Advertorial Banua BanuaPedia Basket Beauty Bisnis Bola Ekspedisi Ramadan Event Feature Female Gadget Hukum & Peristiwa Kesehatan Nasional Olahraga Opini Otomotif Pendidikan Politik Radar Kota Ragam Info Religi Sastra Tahulah Pian

Pendaki Jogja Tewas di Baturaya: Niat Membuka Jalur, Turun dengan Tali Kernmantle.

Arief • Selasa, 18 Juli 2023 | 12:10 WIB
Photo
Photo
BATULICIN - Rabu (12/7) pekan lalu, Oskar Yaikaci Davala (21), Wagiman Hadi Wijaya (23) dan Abdul Jalal (21) foto bersama saat pelepasan pendakian.

Ketiganya adalah anggota Mapala Kapakata Institut Pertanian (Instiper) Yogyakarta.

Beberapa hari kemudian, Ahad (16/7), Hadi dan Jalal melihat Oskar terjatuh di Tebing Baturaya, Kabupaten Tanah Bumbu. Oskar tewas.

Mereka tergabung dalam Ekspedisi Atap Bumi Bersujud yang dimulai dari tanggal 12 sampai 24 Juli 2023.

Hadi selaku manajer ekspedisi menceritakan, Tebing Baturaya belum banyak dieksplorasi pecinta alam. Di sana juga belum ada yang merintis jalur panjat menuju puncak tebing. Mereka menjadi tertantang.

Informasi yang ia peroleh dari Federasi Panjat Tebing Indonesia (FPTI) Tanah Bumbu, Baturaya memiliki tinggi 760 mdpl dan tinggi tegak vertikal 410 meter.

Sembilan anggota Mapala Kapakata diturunkan.
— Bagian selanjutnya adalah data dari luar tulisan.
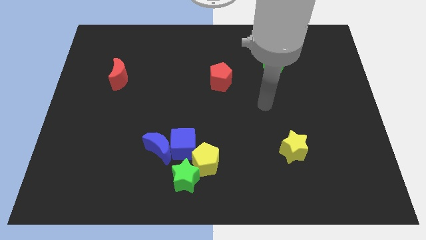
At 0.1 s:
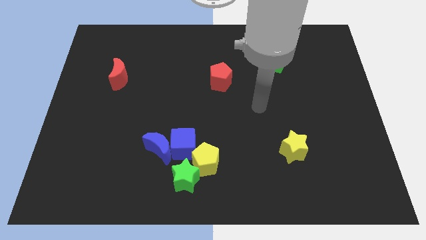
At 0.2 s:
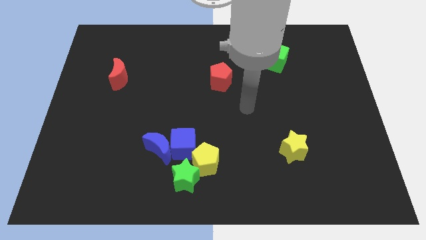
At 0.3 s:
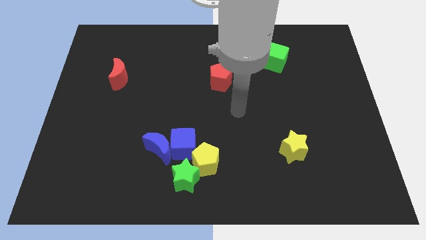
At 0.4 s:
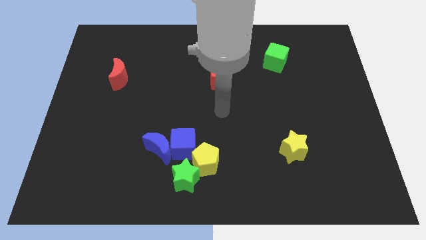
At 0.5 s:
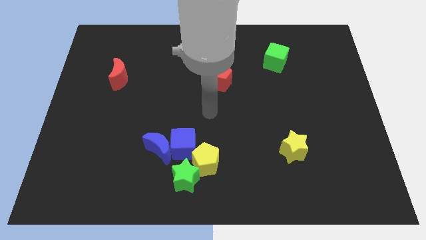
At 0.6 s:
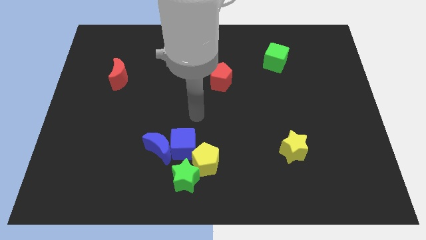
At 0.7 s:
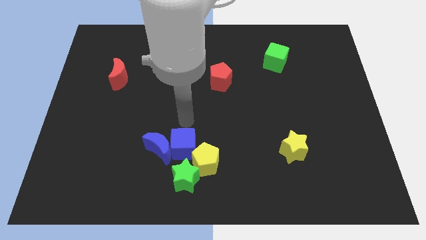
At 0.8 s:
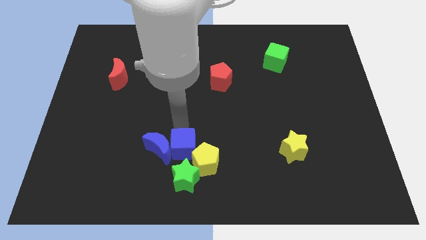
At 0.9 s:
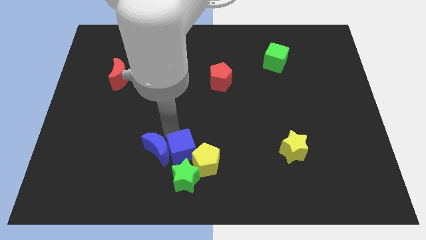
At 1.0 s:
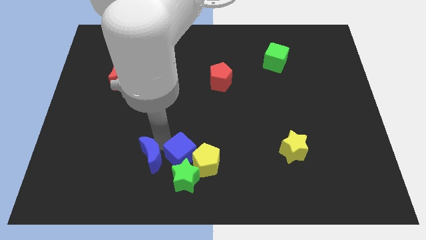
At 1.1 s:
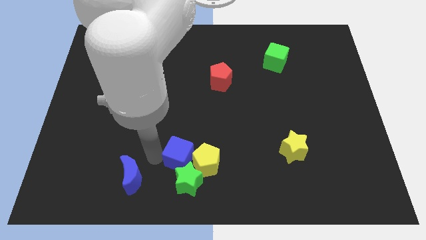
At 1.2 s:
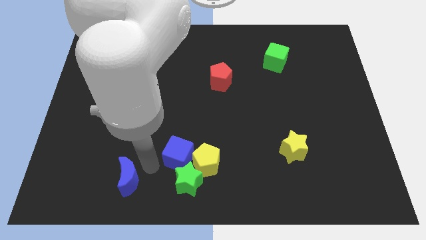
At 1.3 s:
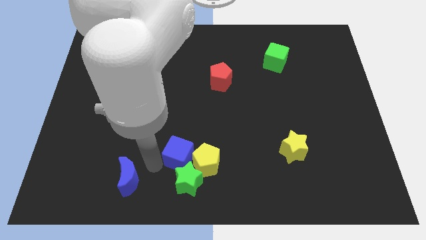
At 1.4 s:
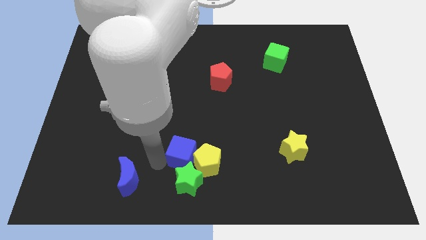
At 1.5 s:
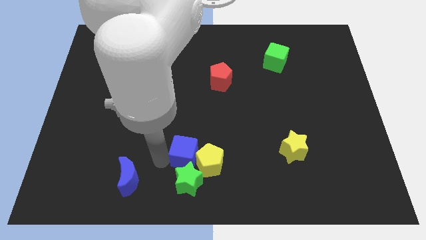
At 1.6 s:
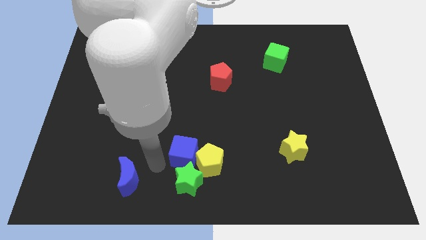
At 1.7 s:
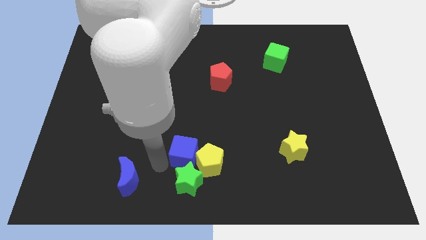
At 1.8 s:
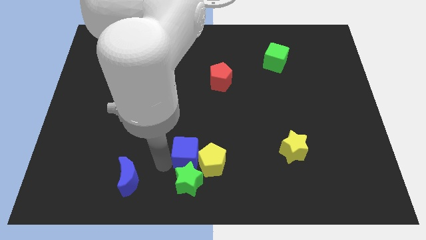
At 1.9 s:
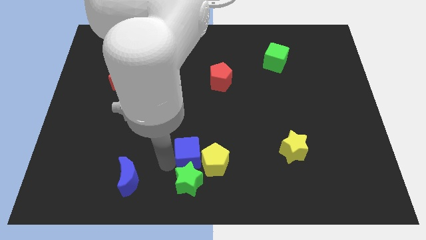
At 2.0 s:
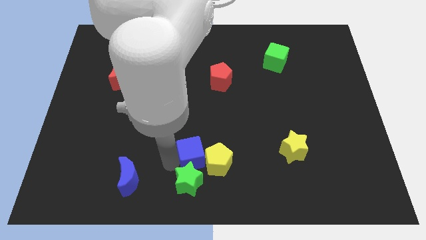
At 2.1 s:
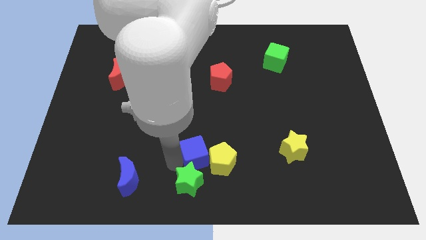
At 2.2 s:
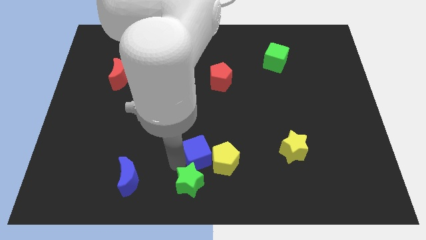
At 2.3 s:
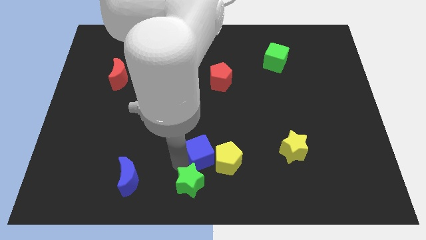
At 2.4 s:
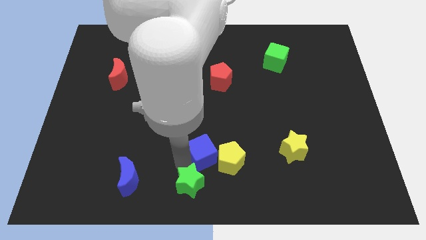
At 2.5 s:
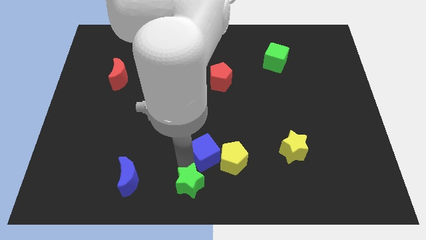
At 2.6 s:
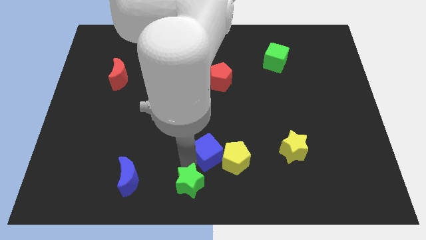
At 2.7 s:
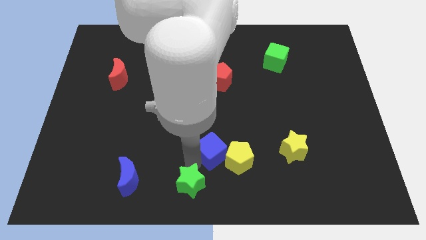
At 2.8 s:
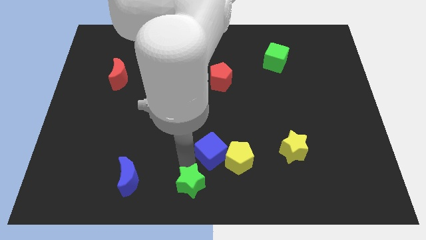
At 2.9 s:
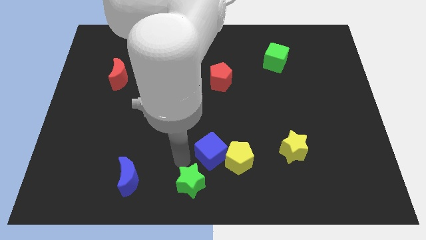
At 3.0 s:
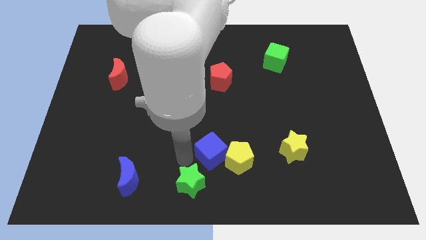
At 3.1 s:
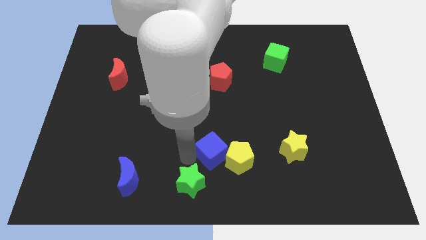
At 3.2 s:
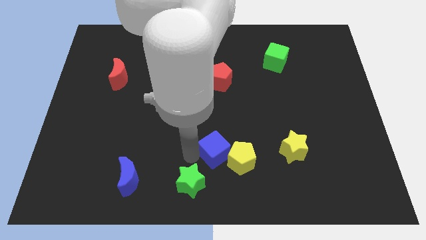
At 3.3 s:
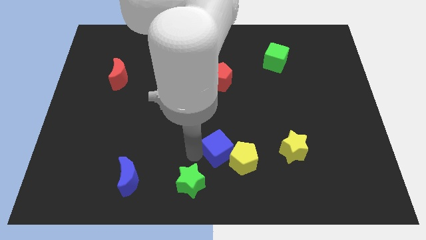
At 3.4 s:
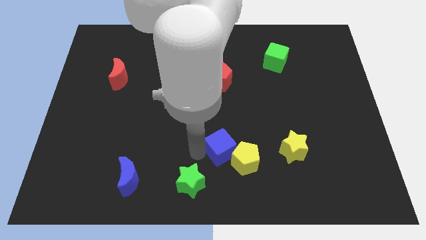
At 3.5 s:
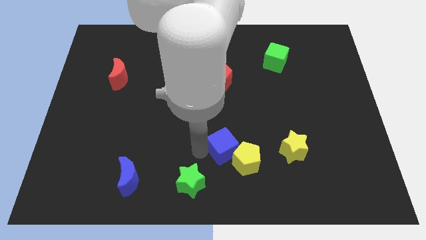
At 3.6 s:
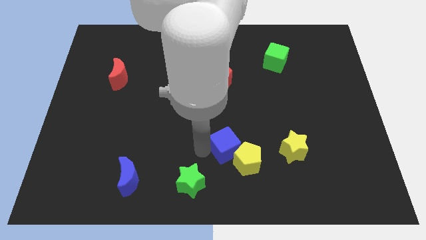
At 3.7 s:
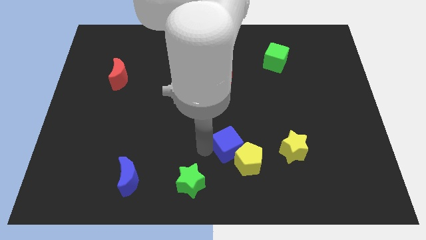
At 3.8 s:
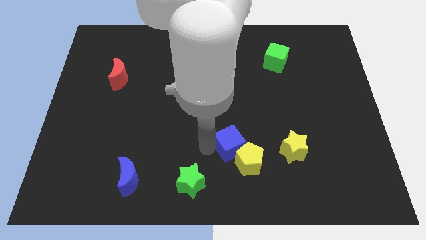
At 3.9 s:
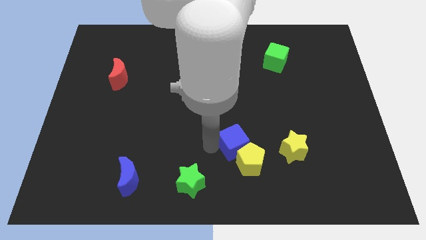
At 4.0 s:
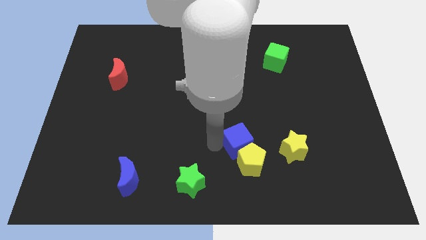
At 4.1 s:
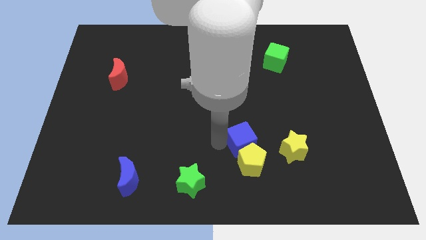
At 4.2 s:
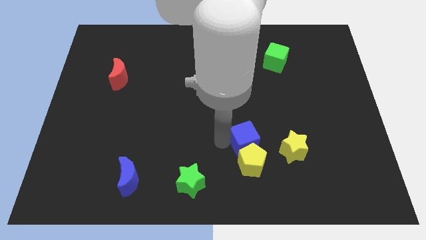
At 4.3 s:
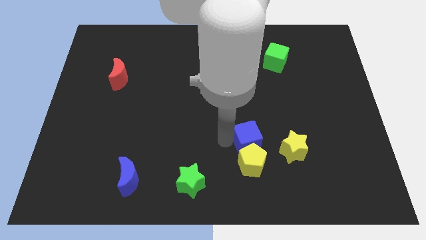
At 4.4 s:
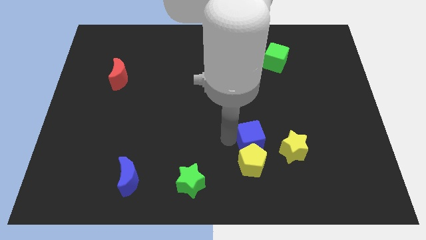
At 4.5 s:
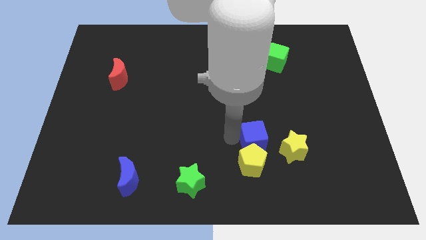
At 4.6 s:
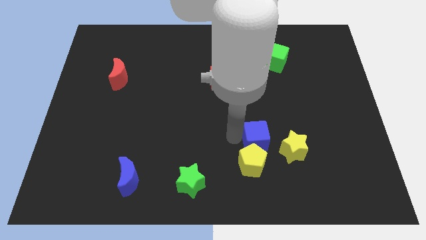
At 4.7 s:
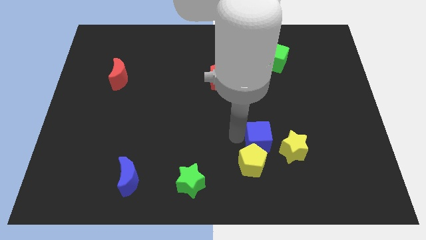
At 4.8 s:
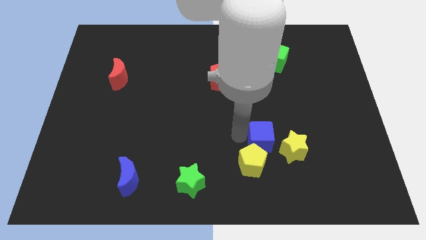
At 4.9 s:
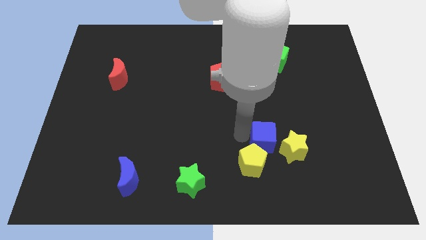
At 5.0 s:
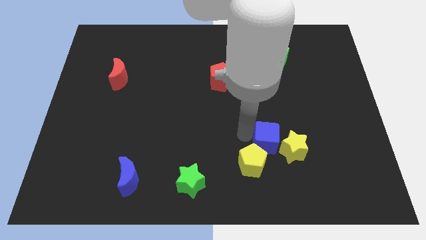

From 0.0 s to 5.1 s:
push the blue cube to the yellow star

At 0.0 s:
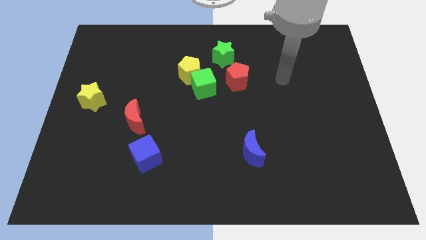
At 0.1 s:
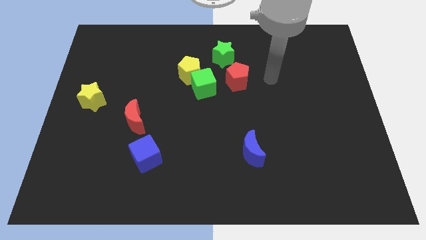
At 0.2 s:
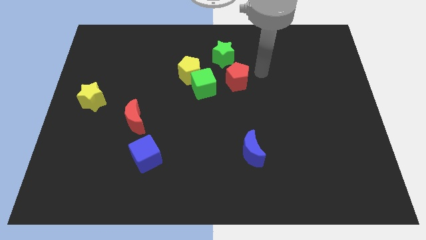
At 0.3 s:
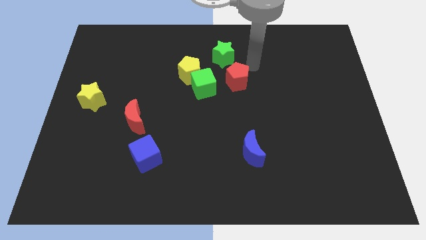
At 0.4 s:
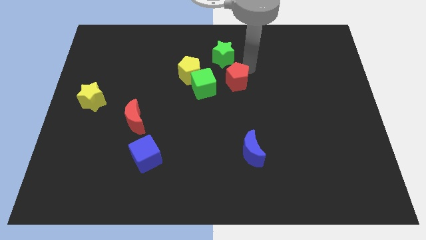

Dibagi menjadi dua tim, tim panjat tebing dan tim pengabdian masyarakat.

Rencananya, di puncak akan dikibarkan bendera merah putih berukuran 12x8 meter, didampingi bendera perguruan tinggi.

Misi utama adalah membuat jalur panjat di Baturaya. Plus mengamati budaya Suku Dayak Meratus di sekitar tebing.

Kepada Radar Banjarmasin, Ketua Harian FPTI Tanah Bumbu, Apriansyah mengaku sudah memberikan gambaran singkat Baturaya kepada tim ekspedisi.

"Jumlah pegiat alam yang mengeksplorasi tebing ini, sejauh ini memang masih minim," katanya, kemarin (17/7).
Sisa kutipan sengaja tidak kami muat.